Sounds like they are being well used.

...Citing its ineffectiveness as well as cost concerns, Mississippi and Maine have scaled back its use. In California, thousands of inmates recently launched a hunger strike in protest.

Hunger strike by California prisoners....and the problem is?
A Texas lawmaker unsuccessfully sought this year to require the prison system to review the standards for putting an inmate in ad-seg — and determine whether they are more likely than others to end up back behind bars.

“We are talking about human beings in an isolated place for years at a time,” said Rep. Marisa Marquez, a Houston native representing El Paso. “What does that do to them psychologically, and how does that help their rehabilitation when they are supposed to get out and function in society and be productive members?”

In Texas, members of eight prison gangs, categorized as Security Threat Groups, automatically go straight into isolation regardless of the crime they committed.

Those include“confirmed” members of the Texas Syndicate, Mexican Mafia, Aryan Brotherhood and others. Their only way out: renounce gang affiliations, which they rarely do out of loyalty or fear of retribution...

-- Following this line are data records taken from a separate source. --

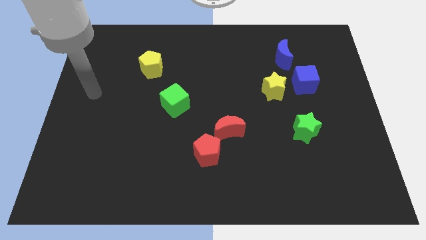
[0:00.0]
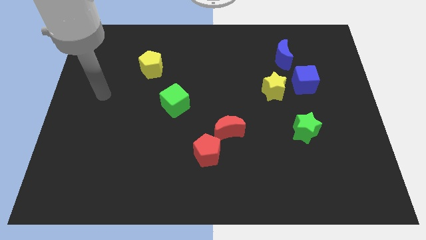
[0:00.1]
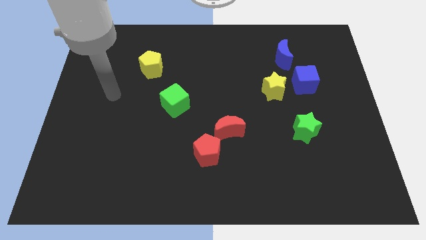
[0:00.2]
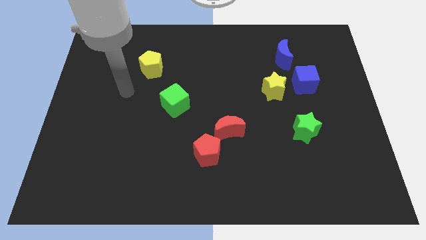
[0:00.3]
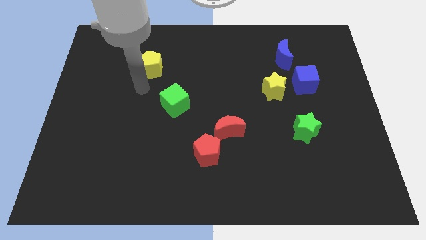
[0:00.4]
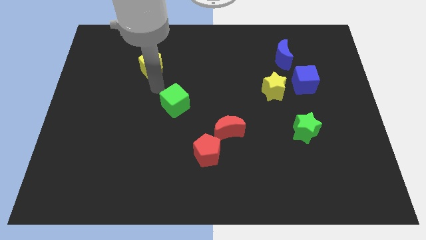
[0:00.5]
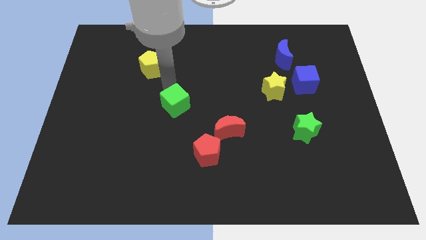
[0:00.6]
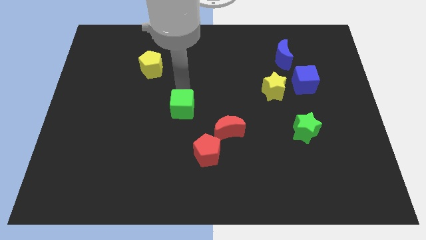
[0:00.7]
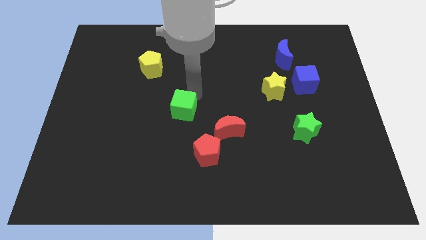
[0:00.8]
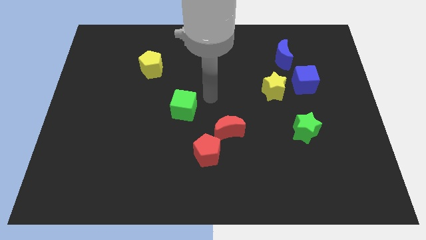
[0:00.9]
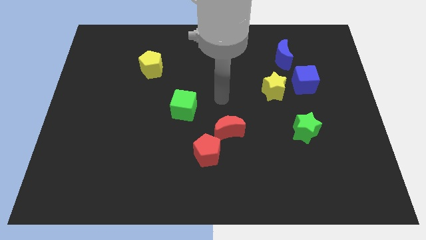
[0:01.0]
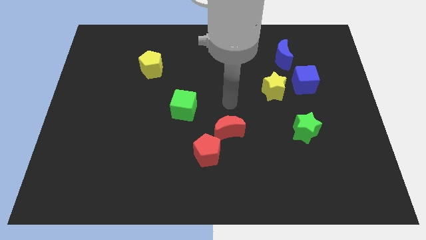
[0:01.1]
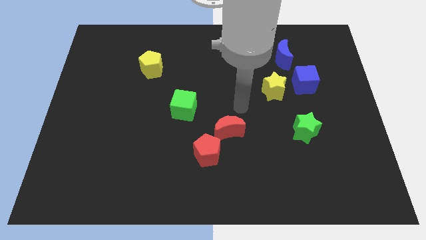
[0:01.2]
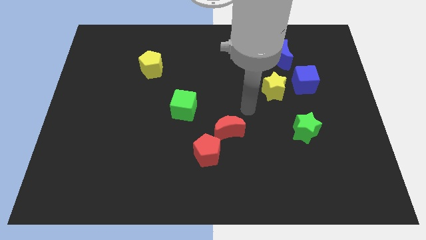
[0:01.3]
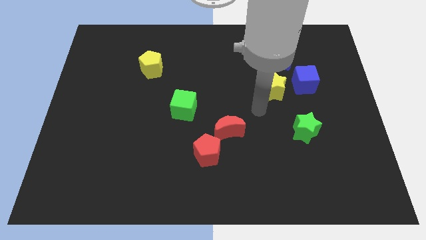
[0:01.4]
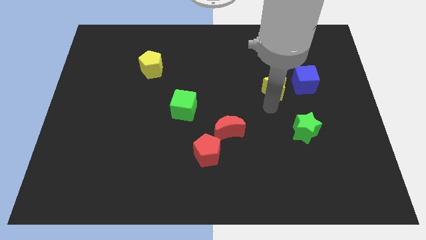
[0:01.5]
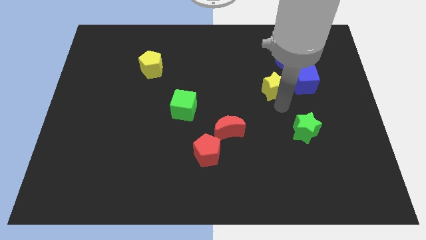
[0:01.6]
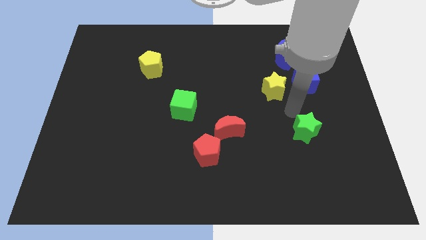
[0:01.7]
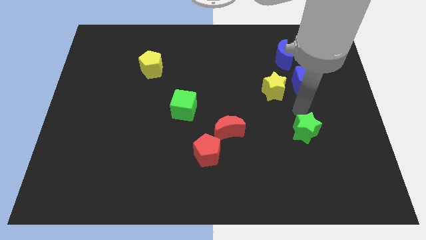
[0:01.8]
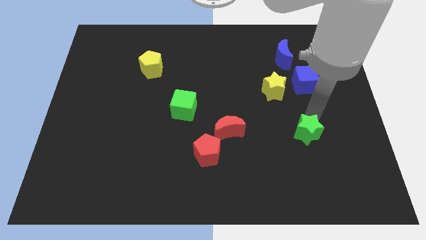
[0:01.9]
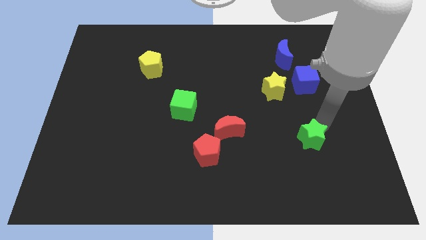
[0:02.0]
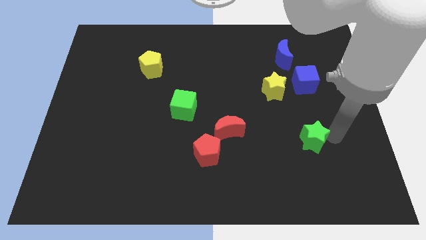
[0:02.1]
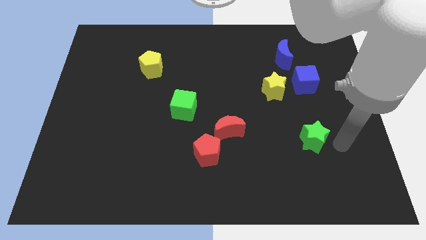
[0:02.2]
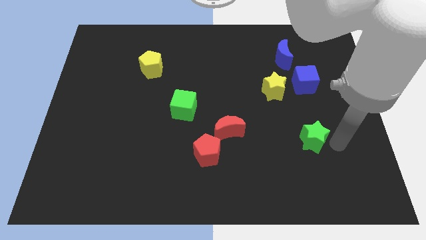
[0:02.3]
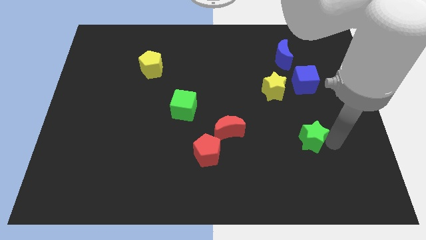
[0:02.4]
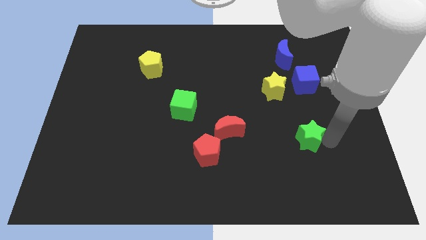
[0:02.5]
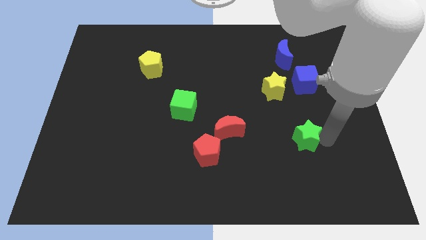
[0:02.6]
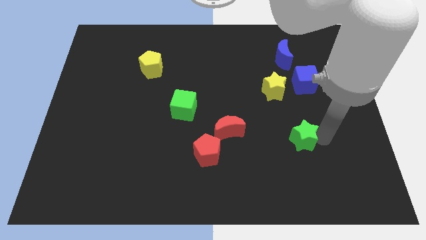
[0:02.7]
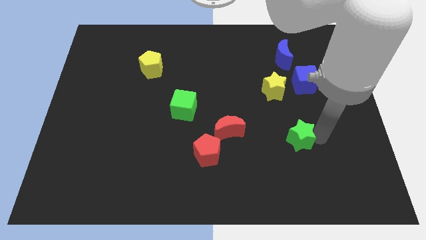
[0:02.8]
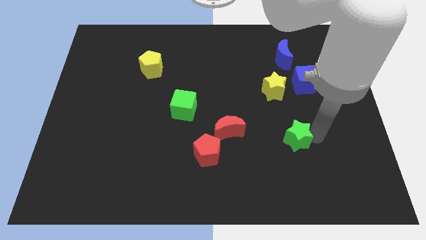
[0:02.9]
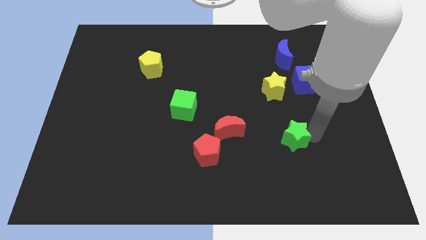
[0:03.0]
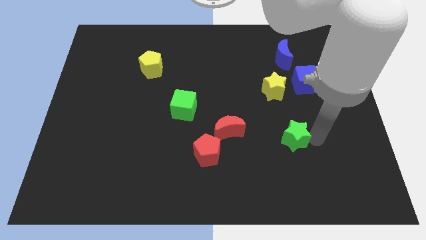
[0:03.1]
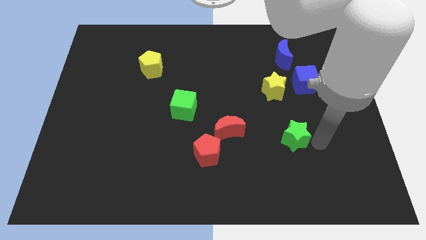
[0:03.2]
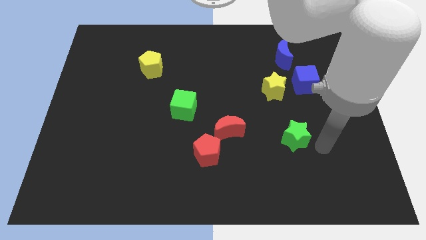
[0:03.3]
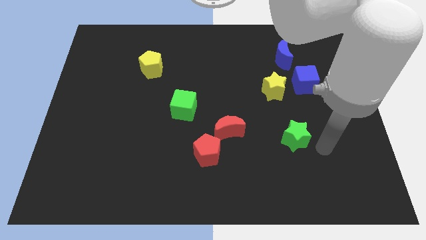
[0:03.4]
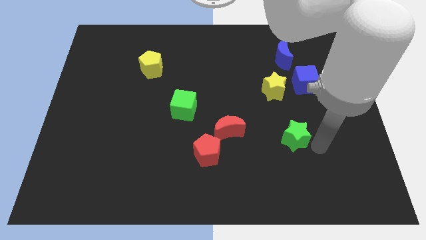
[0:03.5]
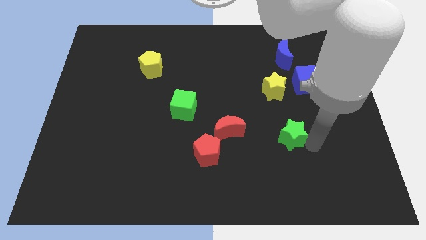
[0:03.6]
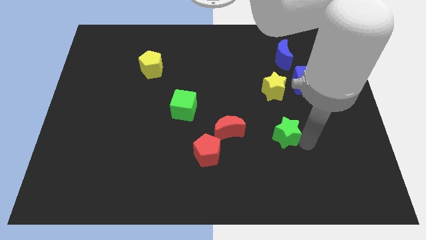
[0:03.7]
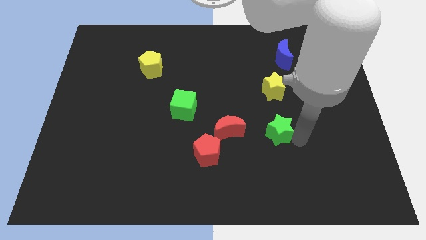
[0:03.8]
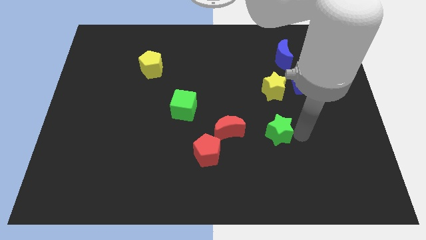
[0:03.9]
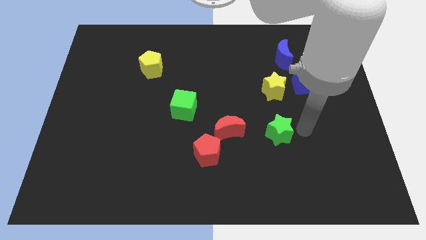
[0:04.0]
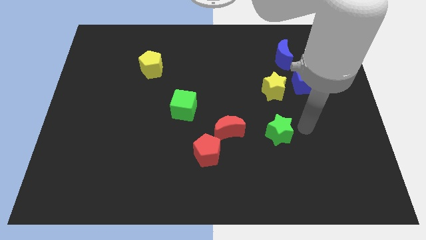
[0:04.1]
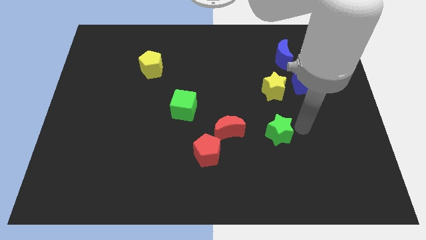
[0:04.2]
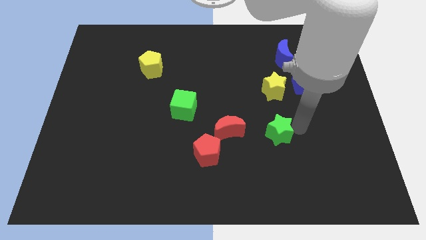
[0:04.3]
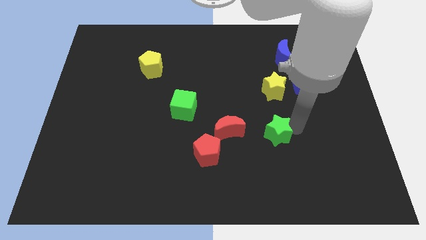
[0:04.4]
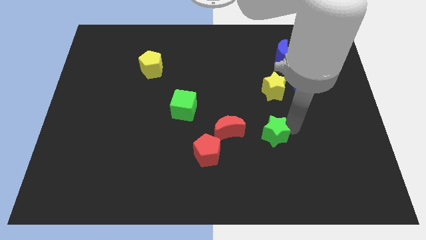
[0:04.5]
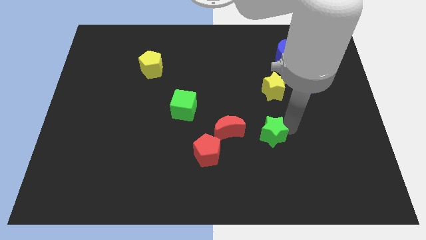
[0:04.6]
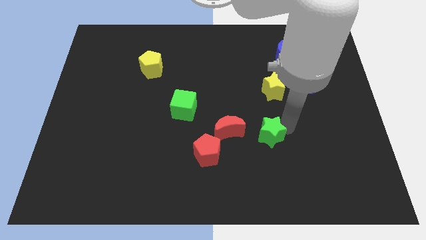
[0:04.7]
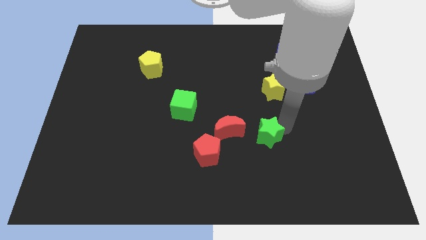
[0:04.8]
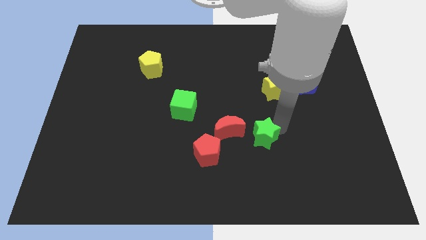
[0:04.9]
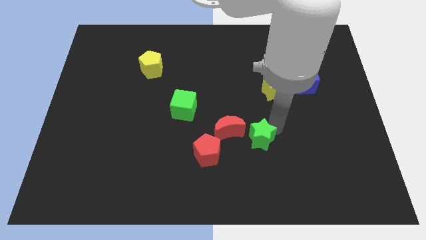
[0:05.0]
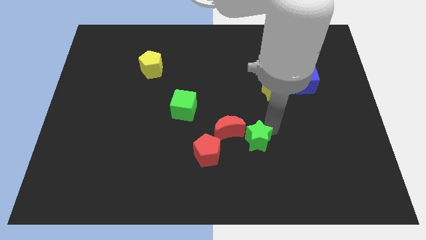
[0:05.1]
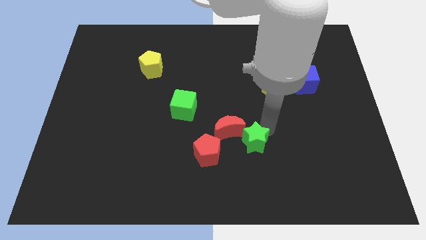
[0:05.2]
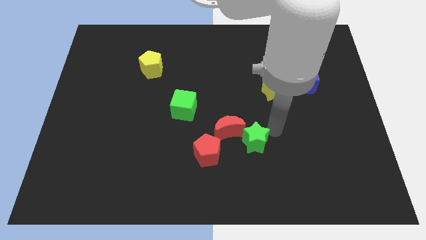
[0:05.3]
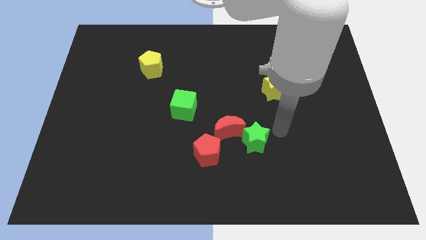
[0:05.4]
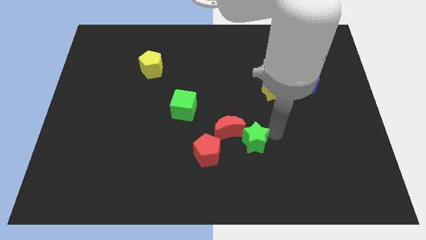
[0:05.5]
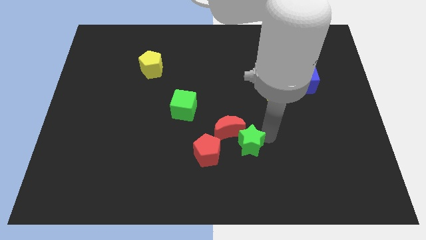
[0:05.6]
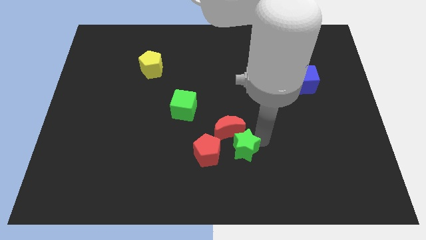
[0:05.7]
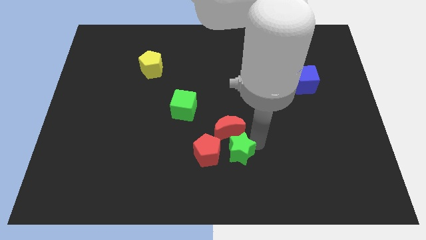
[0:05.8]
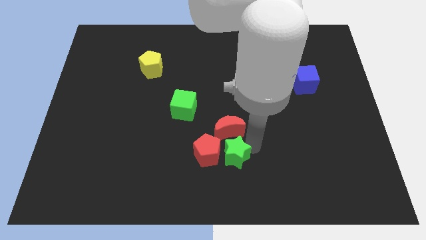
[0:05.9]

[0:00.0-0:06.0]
move the green star next to the red pentagon

Ms Marquez, in case you didn’t read the list, those are gang members. They are not functioning or productive members of society. The money is most of them are not here legally and hopefully if/when they get out, they are sent back south of the border. They can fit back into their society.
...Guards sometimes carry shields to protect themselves from being stabbed with homemade spears or pelted with excrement, urine or rotten food — rancid homemade cocktails used for attacks known as “chunking.”

“Do not have sympathy for these men,” said a retired TDCJ guard who spoke on the condition of anonymity. The former guard noted they are served three meals a day, have medical care and better lives than law-abiding people who end up living under bridges.

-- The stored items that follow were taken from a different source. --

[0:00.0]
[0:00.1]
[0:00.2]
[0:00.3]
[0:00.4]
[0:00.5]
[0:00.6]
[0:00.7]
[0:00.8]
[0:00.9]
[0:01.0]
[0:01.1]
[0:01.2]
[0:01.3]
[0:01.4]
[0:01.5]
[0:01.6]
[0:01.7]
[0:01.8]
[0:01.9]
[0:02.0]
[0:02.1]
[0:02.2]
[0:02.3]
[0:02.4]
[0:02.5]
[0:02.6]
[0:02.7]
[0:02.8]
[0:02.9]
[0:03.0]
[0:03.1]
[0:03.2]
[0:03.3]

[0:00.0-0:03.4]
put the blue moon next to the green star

The worse, the better, says Aaron McCartney, whose father, a longshoreman, was murdered in Liberty in 2006 by gangsters ordered by their captain to steal a 14-year-old pick-up truck for spare parts.

“Cut their heads off. They don’t deserve to live,” Mc-Cartney said of his father’s killers, who are in ad-seg. “They can think about what they did. That is where they deserve to be.”

Again, these are humans.
...Inmates contend the stringent lockup doesn’t prepare them for freedom.

“I live among the living dead,” said inmate Danny Corral, 32, who was convicted of murder, and sentenced at 16. “This cell is not very different from a mausoleum.”

And hopefully it is your mausoleum. You have already sent another person to a mausoleum.
...The ACLU contends ad-seg is arbitrary and ineffective.

“This type of isolation is pervasive around the country,” said Amy Fettig, ACLU’s senior counsel for the national prison project. “It is now being used at an unprecedented level. “Unfortunately, when you place somebody in (ad-seg) you are not teaching them how to be a better person. You are simply driving them crazy.”

No Ms Fettig, we are putting them in a place that keeps the general population of prison and the staff safer. The fact they are in prison or in gangs already puts questions onto their sanity.

2 comments:

  1. How many military men & women serving the US are living in more heat than this? How many of the deceased victims don't have the option of living in such unfair conditions now? Thanks for sharing.

    ReplyDelete
  2. You're quite welcome and have a great weekend.